- [Excerpted records]
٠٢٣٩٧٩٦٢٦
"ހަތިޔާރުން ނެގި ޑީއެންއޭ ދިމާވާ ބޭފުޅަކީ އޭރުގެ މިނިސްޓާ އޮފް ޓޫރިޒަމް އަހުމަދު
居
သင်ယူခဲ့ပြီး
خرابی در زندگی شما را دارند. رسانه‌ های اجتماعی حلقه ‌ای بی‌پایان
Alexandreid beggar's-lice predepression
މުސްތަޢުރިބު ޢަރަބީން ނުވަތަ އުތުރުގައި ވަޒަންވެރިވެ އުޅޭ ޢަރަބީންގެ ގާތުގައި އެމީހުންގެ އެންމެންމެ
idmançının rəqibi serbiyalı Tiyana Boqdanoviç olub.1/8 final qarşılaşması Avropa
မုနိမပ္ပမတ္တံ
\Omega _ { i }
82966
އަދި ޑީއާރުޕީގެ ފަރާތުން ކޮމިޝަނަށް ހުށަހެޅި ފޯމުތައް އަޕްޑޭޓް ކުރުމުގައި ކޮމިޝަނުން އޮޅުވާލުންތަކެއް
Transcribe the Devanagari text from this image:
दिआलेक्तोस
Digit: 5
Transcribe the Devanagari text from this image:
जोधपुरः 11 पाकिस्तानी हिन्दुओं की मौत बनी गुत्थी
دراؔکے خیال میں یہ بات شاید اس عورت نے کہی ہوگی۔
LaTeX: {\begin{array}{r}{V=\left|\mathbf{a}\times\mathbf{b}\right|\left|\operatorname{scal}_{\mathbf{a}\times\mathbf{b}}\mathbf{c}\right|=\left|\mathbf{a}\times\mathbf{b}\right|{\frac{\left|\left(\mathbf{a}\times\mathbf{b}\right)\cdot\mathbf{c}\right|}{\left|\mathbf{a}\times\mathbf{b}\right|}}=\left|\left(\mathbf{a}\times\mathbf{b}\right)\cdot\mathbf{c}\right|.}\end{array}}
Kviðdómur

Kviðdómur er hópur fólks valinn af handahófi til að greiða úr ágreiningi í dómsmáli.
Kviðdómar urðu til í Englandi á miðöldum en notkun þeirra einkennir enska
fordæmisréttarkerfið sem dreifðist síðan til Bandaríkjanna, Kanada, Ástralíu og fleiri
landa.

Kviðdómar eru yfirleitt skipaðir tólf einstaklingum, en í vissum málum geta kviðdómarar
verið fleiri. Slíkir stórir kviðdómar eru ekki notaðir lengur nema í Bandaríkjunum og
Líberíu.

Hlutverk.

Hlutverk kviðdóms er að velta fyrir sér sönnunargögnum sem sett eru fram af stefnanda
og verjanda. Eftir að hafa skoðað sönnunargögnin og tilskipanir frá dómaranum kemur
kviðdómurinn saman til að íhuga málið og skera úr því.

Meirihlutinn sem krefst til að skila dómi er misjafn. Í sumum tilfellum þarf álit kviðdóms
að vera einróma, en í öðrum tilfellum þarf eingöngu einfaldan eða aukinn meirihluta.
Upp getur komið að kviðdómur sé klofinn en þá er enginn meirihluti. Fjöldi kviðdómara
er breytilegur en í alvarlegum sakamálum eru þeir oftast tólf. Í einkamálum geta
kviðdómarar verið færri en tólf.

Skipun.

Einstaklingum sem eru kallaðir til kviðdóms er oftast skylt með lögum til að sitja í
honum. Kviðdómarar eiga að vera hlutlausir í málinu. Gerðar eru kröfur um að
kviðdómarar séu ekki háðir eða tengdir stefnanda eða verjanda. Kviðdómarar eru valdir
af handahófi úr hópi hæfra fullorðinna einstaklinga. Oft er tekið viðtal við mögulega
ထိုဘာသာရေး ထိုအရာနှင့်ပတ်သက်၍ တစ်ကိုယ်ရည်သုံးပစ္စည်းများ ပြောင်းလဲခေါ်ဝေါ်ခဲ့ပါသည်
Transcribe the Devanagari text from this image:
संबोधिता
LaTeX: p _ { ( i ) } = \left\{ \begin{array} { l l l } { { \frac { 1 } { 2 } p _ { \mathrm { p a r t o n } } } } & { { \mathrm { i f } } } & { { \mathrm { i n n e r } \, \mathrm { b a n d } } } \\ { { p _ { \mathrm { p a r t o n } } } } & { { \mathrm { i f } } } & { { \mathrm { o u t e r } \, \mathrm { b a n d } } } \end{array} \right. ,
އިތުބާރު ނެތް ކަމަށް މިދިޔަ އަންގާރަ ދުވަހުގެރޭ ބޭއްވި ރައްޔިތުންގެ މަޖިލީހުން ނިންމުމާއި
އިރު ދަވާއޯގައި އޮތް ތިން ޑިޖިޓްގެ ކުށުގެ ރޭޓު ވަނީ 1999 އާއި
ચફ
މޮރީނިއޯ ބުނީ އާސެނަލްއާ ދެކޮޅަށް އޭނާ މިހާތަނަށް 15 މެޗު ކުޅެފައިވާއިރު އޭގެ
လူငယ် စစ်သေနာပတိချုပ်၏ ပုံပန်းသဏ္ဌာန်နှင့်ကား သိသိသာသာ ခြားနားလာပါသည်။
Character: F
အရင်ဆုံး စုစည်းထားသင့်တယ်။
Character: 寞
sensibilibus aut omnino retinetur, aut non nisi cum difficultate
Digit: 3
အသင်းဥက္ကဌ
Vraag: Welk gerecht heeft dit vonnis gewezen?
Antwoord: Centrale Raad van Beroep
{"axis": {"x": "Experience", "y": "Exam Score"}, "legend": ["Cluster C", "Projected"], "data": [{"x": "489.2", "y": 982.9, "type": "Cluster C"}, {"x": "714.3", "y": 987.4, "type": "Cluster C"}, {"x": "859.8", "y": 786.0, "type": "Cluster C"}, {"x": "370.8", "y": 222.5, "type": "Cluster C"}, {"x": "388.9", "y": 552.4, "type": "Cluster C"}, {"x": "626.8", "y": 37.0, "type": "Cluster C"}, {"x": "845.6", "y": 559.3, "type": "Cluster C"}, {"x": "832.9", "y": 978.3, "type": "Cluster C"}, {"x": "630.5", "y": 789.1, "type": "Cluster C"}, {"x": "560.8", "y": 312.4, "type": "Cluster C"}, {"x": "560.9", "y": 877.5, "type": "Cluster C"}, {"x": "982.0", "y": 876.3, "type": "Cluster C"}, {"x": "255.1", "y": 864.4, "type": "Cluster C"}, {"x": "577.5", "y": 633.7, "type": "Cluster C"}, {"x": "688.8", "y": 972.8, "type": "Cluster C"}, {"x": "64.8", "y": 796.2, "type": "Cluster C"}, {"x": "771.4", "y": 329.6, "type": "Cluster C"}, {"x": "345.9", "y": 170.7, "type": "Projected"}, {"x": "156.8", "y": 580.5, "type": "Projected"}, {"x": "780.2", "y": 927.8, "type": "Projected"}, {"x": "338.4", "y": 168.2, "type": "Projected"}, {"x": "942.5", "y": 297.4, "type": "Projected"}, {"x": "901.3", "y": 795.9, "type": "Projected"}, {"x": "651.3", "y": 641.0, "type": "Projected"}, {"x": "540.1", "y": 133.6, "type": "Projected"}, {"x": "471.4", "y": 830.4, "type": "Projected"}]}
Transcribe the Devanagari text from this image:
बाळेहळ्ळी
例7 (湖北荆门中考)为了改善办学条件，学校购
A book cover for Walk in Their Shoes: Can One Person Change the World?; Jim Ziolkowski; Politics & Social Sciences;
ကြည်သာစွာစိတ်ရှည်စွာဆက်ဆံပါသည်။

- [Your instructions] Every line above from the line with "އަދި ޑީއާރުޕީގެ ފަރާތުން" to the line with "دراؔکے خیال میں", inclusive, must be returned exactly; no other line belongs in the reply.

- [Task response]
އަދި ޑީއާރުޕީގެ ފަރާތުން ކޮމިޝަނަށް ހުށަހެޅި ފޯމުތައް އަޕްޑޭޓް ކުރުމުގައި ކޮމިޝަނުން އޮޅުވާލުންތަކެއް
Transcribe the Devanagari text from this image:
दिआलेक्तोस
Digit: 5
Transcribe the Devanagari text from this image:
जोधपुरः 11 पाकिस्तानी हिन्दुओं की मौत बनी गुत्थी
دراؔکے خیال میں یہ بات شاید اس عورت نے کہی ہوگی۔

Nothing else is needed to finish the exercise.